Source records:
*** Begin section ***
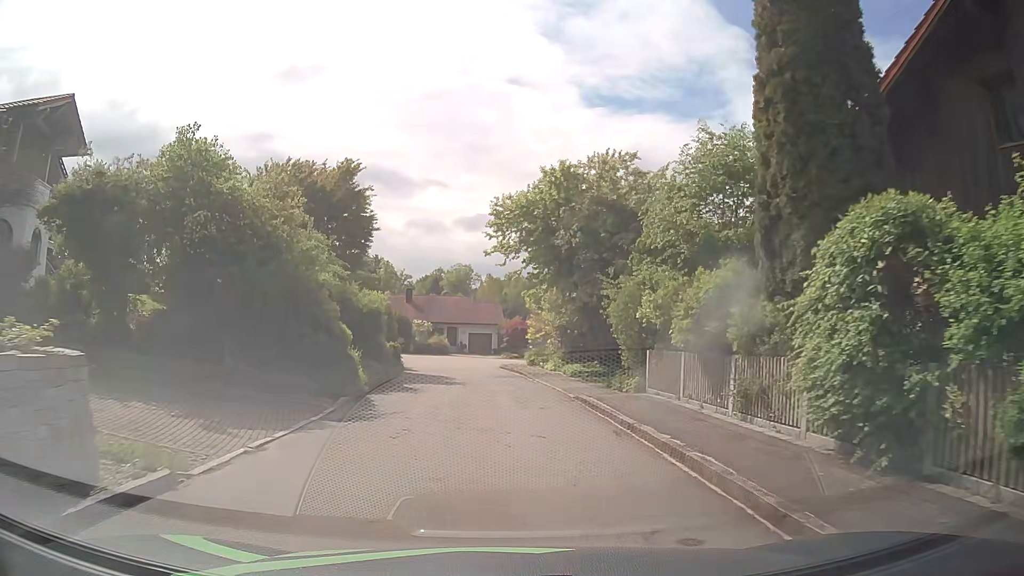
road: residential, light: Day
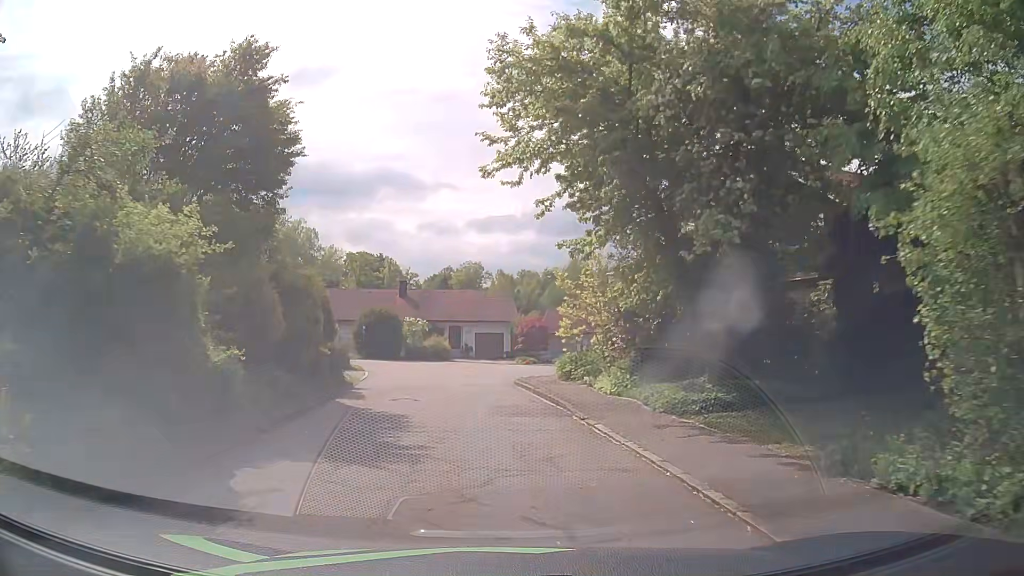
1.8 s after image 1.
(-0.2, +13.4) m; -1°
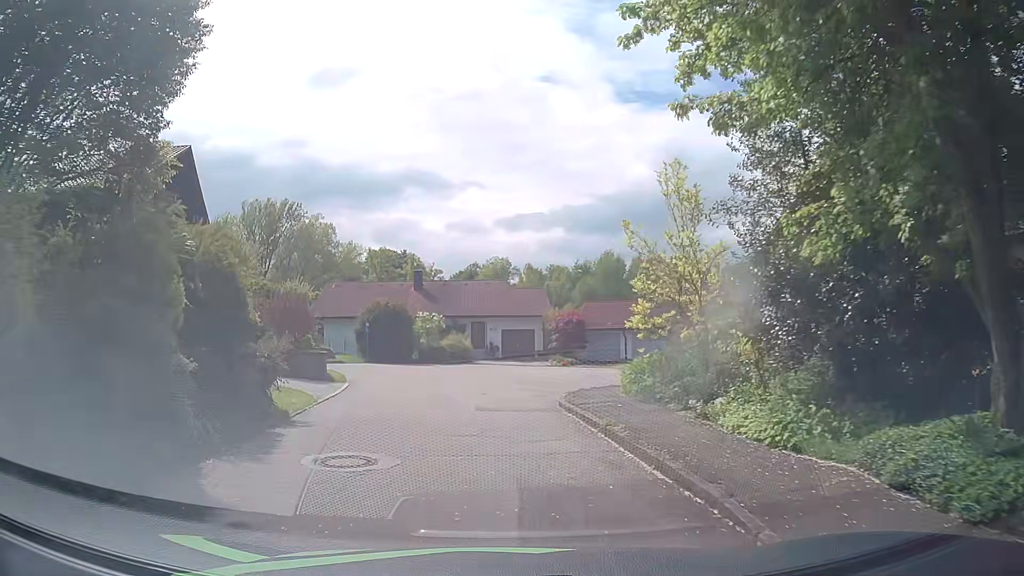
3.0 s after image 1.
(-0.2, +8.2) m; -4°
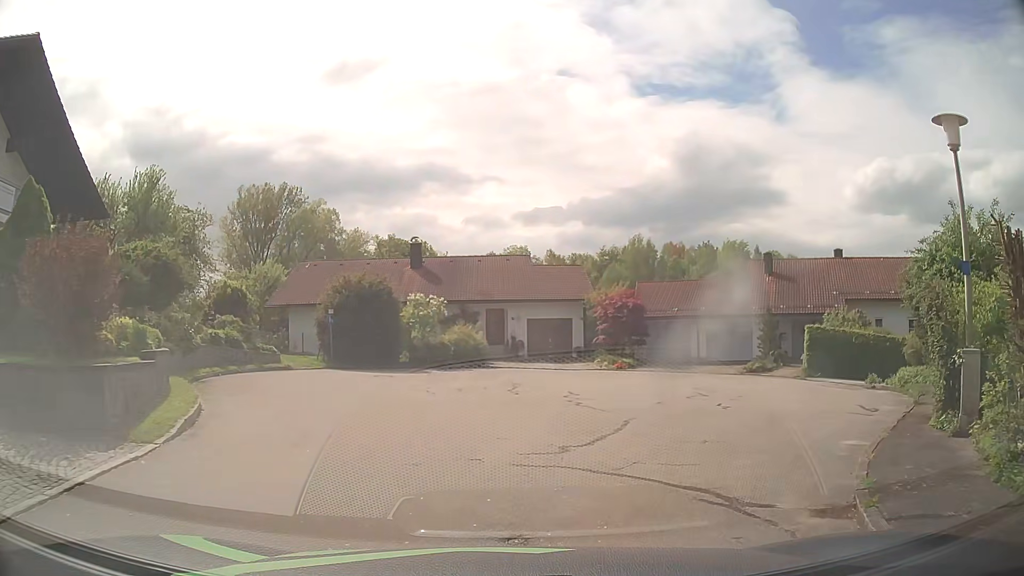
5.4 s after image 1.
(-0.3, +13.4) m; 0°
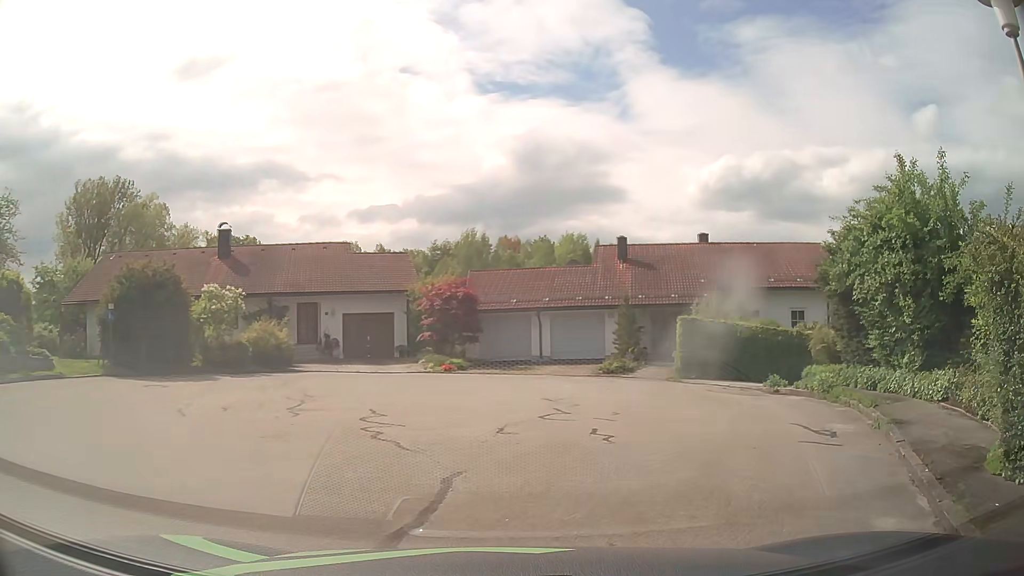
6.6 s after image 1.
(+0.4, +4.8) m; +13°
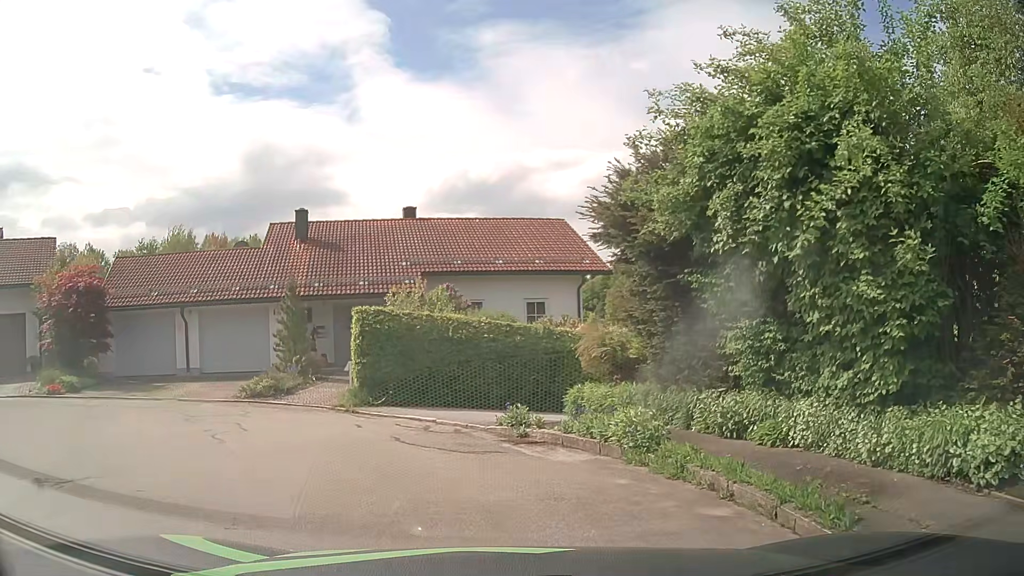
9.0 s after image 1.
(+2.2, +8.0) m; +25°
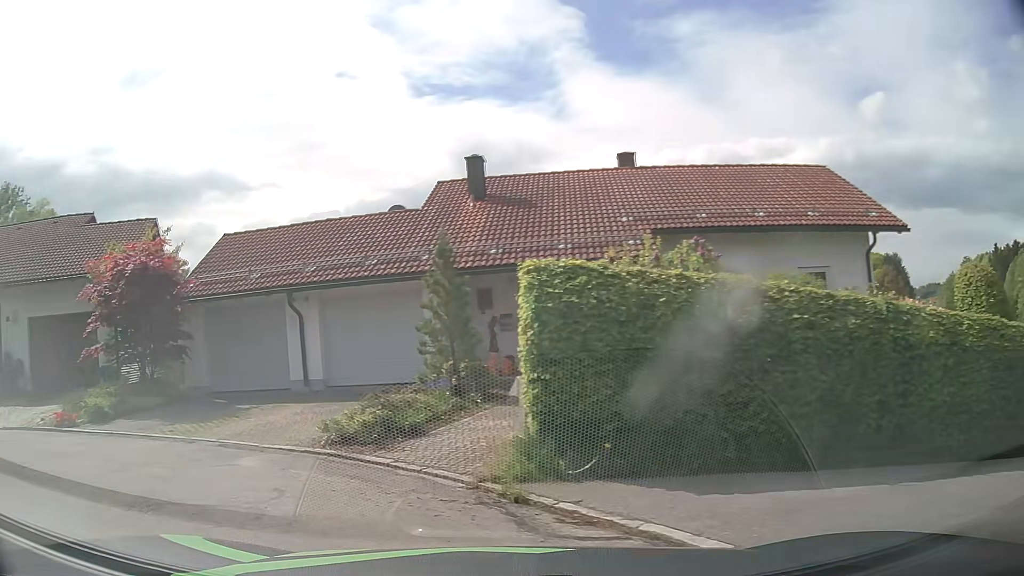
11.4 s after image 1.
(-0.6, +7.8) m; -18°
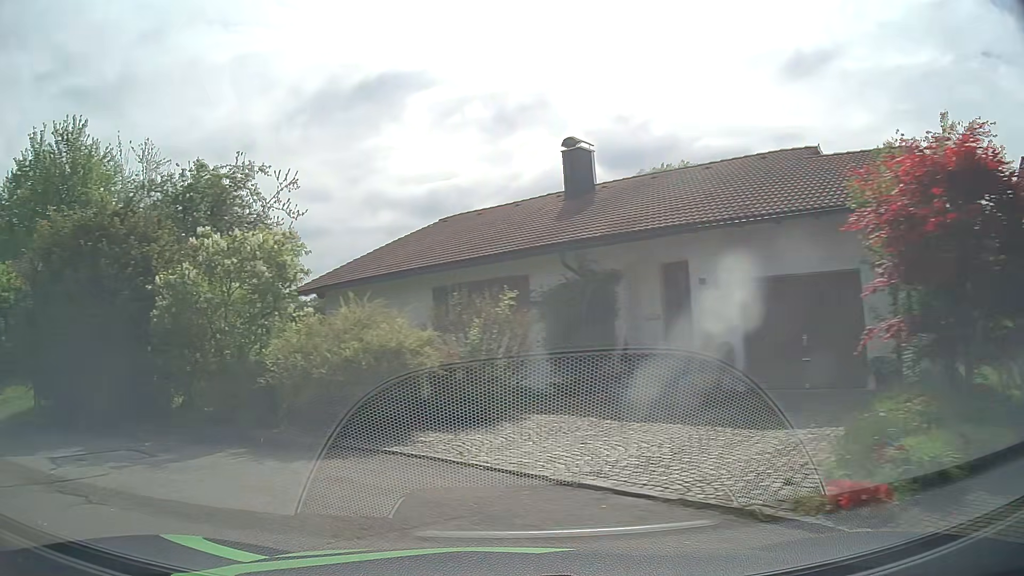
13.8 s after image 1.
(-3.9, +6.9) m; -59°
*** End section ***
** Task objective **
Pictures should be skipped, and the records retyped word for word.

** Exercise output **
road: residential, light: Day
1.8 s after image 1.
(-0.2, +13.4) m; -1°
3.0 s after image 1.
(-0.2, +8.2) m; -4°
5.4 s after image 1.
(-0.3, +13.4) m; 0°
6.6 s after image 1.
(+0.4, +4.8) m; +13°
9.0 s after image 1.
(+2.2, +8.0) m; +25°
11.4 s after image 1.
(-0.6, +7.8) m; -18°
13.8 s after image 1.
(-3.9, +6.9) m; -59°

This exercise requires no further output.